Description: open HTML file in LibreOffice 7.4.3.2 ă - LOffice does not know what to do with this ă displays ok ă displays ok ALL three should display the same Steps to Reproduce: 1.ă - LOffice does not know what to do with this 2.ă displays ok 3.ă displays ok Actual Results: LOffice displays "ă" Expected Results: should be one character; a lower case "a" with the breve symbol Reproducible: Always User Profile Reset: No Additional Info: <html> <head> <meta name="Author" CONTENT="Robert Margulski"> <meta name="Description" CONTENT="Romanian - a breve"> </head> <body> <h3> Romanian - a breve <br /> <br />&breve = ă (does NOT display correctly in LOffice 7.4.3.2) <br />&#259 = ă (Okay) <br />&#x0103 = ă (Okay) </h3> </body> </html>
Confirm Version 4.1.0.0.alpha0+ (Build ID: efca6f15609322f62a35619619a6d5fe5c9bd5a) Version: 7.5.0.0.alpha0+ (X86_64) / LibreOffice Community Build ID: 7b23c53232245a1f61c3e8ddff59d049a49fe975 CPU threads: 4; OS: Linux 5.15; UI render: default; VCL: gtk3 Locale: cs-CZ (cs_CZ.UTF-8); UI: en-US Calc: threaded
To make it explicit, it's the Unicode HTML entity: Char Dec Hex Entity Name ă 258 0103 &abreve Latin Small Letter A with Breve https://www.compart.com/en/unicode/U+0103
Created attachment 183757 [details] html unicode megalist This actually extends to dozens of unicode HTML entity names (one ampersand followed by only letters), see the list.

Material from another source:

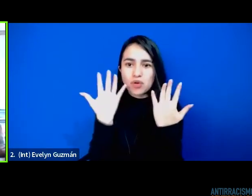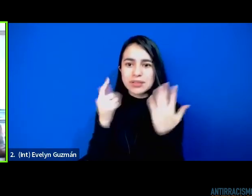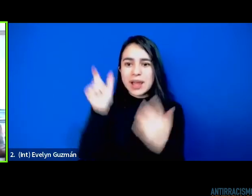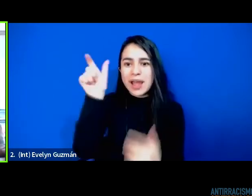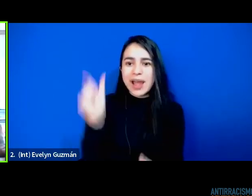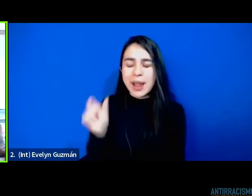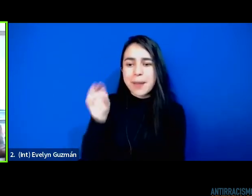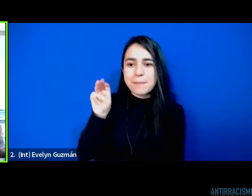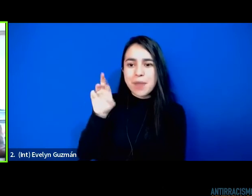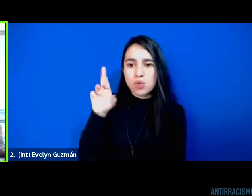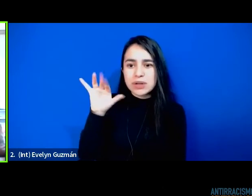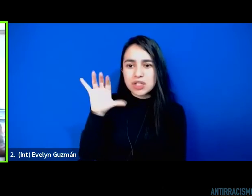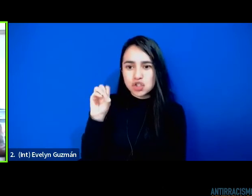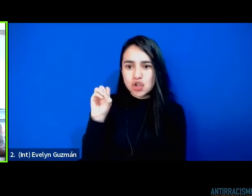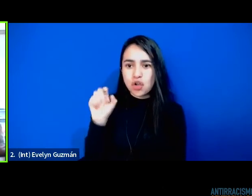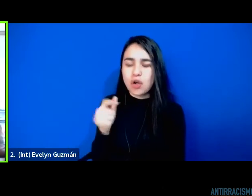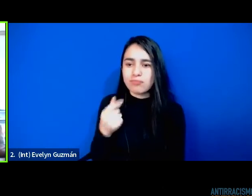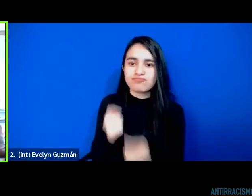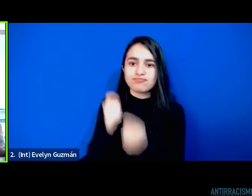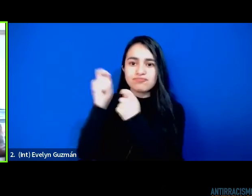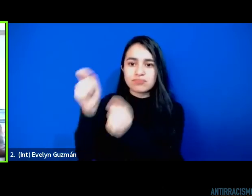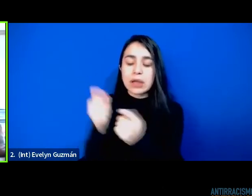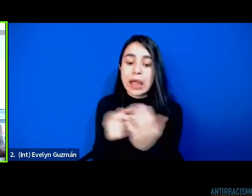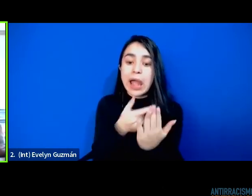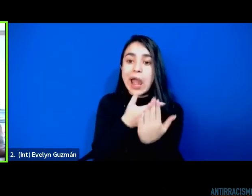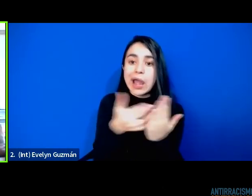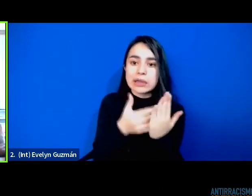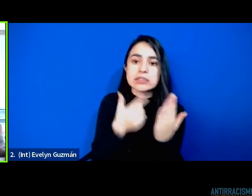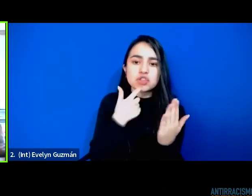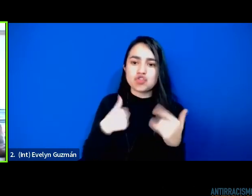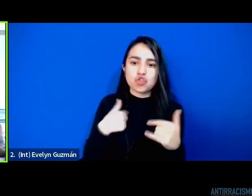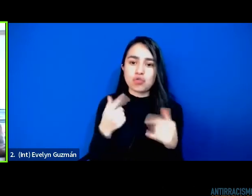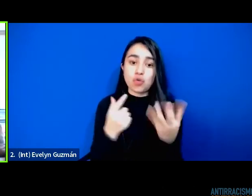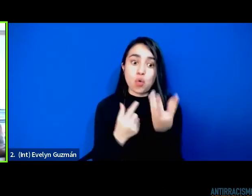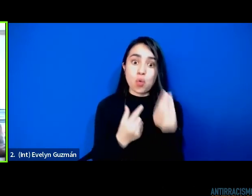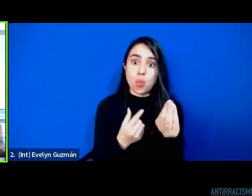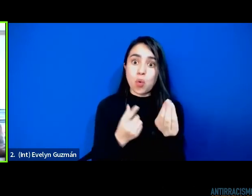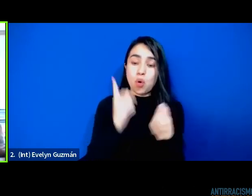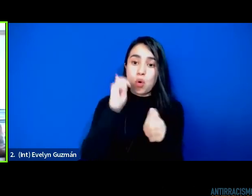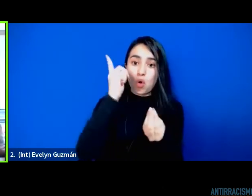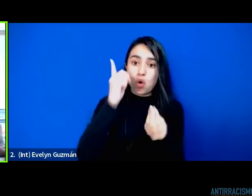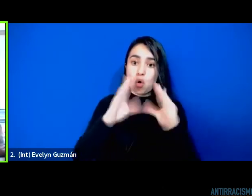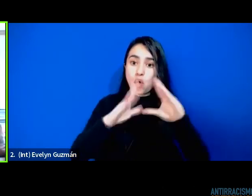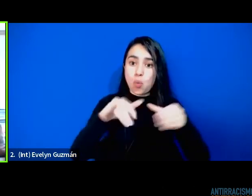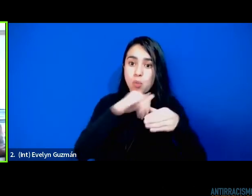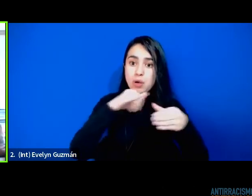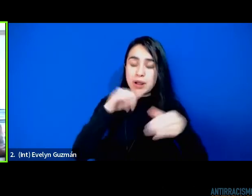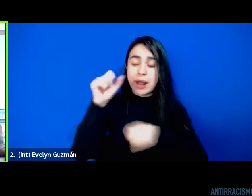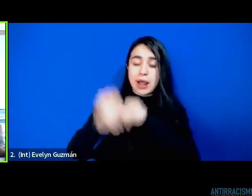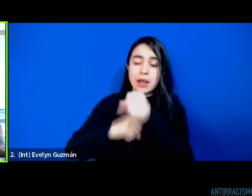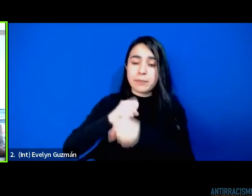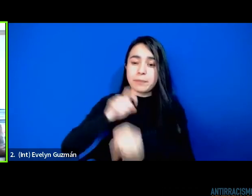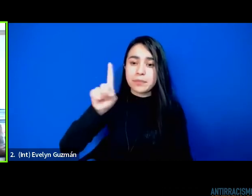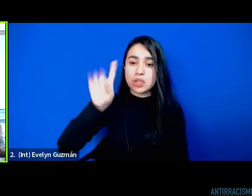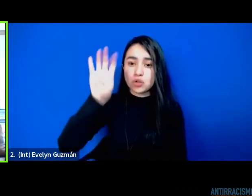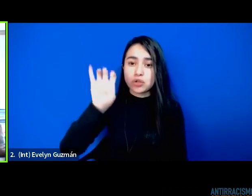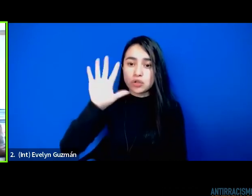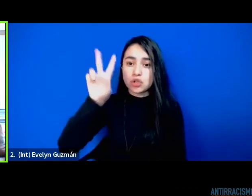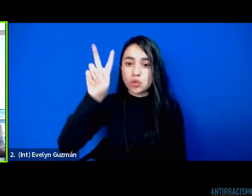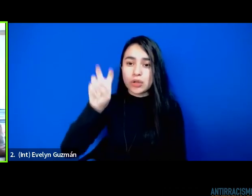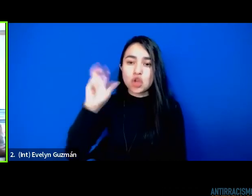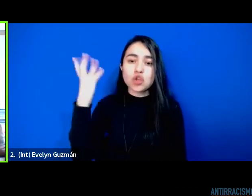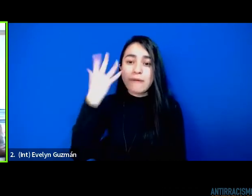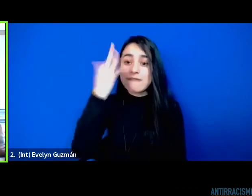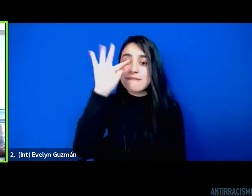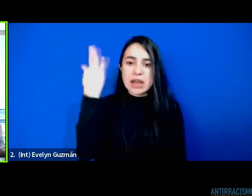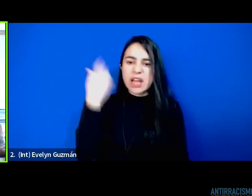MSZ cuando renuncia al Partido Comunista en el año 57 en Francia y

Confirming. Version: 7.5.0.0.alpha0+ (X86_64) / LibreOffice Community Build ID: 651658d37bcb3f493942dd5d0b9a0d65c96f105c CPU threads: 8; OS: Windows 10.0 Build 19044; UI render: Skia/Vulkan; VCL: win Locale: en-US (en_US); UI: en-US Calc: threaded LibreOffice filter import does not handle the additional HTML / XML named character entities added for HTML5. Not just ă or Ă as here. The unhandled entities are not converted to the appropriate glyph on LibreOffice document canvas and remain plaintext. Dante did add the handling needed for MathML support with https://gerrit.libreoffice.org/c/core/+/108333 But something similar is needed to support Writer Web parsing the characters from HTML/XHTML or XML. Attached test ODF text doc shows example of the named entities not being handled in LibreOffice Writer Web import. =-ref-= https://en.wikipedia.org/wiki/List_of_XML_and_HTML_character_entity_references https://html.spec.whatwg.org/multipage/named-characters.html#named-character-references
Created attachment 183759 [details] LO ODF text document sample with mix of named character entity values For named character entities added at HTML5 so without LO import filter handling, the unrecognized entity is left in its "& <name> ;" format on import.
(In reply to V Stuart Foote from comment #5) > Created attachment 183759 [details] > LO ODF text document sample with mix of named character entity values > > For named character entities added at HTML5 so without LO import filter > handling, the unrecognized entity is left in its "& <name> ;" format on > import. Oops sorry, that actually is a HTML generated from LO 7.5. Then edited a bit to clean up the HTML formatting to put each stanza on its own row. So when opened into LibreOffice, from Writer Web module select the HTML source view to see what entities are missing from filter import.